_EXERCISE AIM_. I need the records below restated word for word, without their pictures.

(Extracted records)

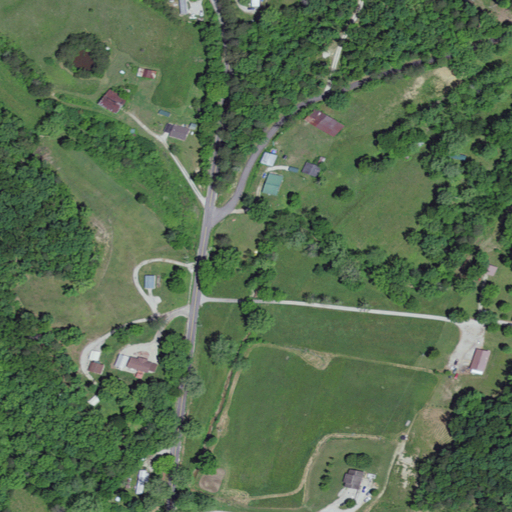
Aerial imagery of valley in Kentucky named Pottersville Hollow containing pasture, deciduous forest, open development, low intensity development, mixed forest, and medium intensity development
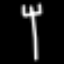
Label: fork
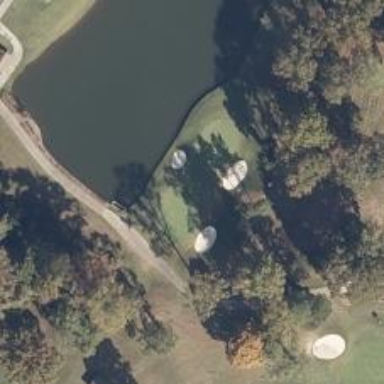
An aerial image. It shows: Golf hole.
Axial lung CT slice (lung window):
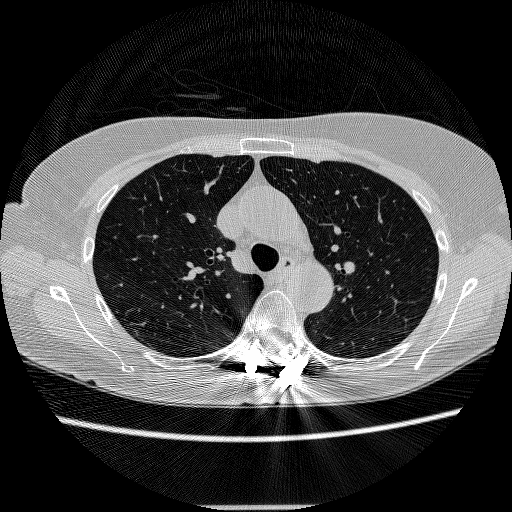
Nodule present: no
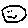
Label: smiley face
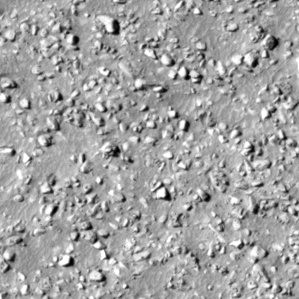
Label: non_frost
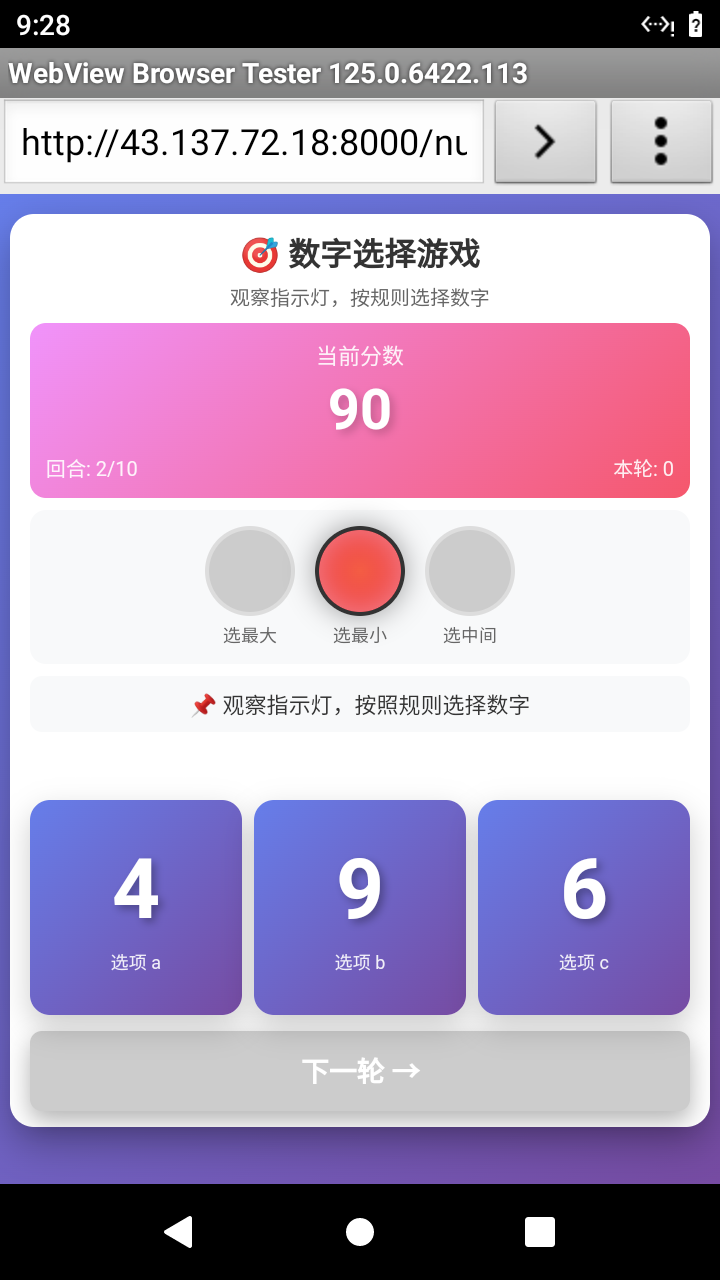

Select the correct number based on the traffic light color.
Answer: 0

_EXERCISE ANSWER_.
Aerial imagery of valley in Kentucky named Pottersville Hollow containing pasture, deciduous forest, open development, low intensity development, mixed forest, and medium intensity development
Label: fork
An aerial image. It shows: Golf hole.
Axial lung CT slice (lung window):
Nodule present: no
Label: smiley face
Label: non_frost

Select the correct number based on the traffic light color.
Answer: 0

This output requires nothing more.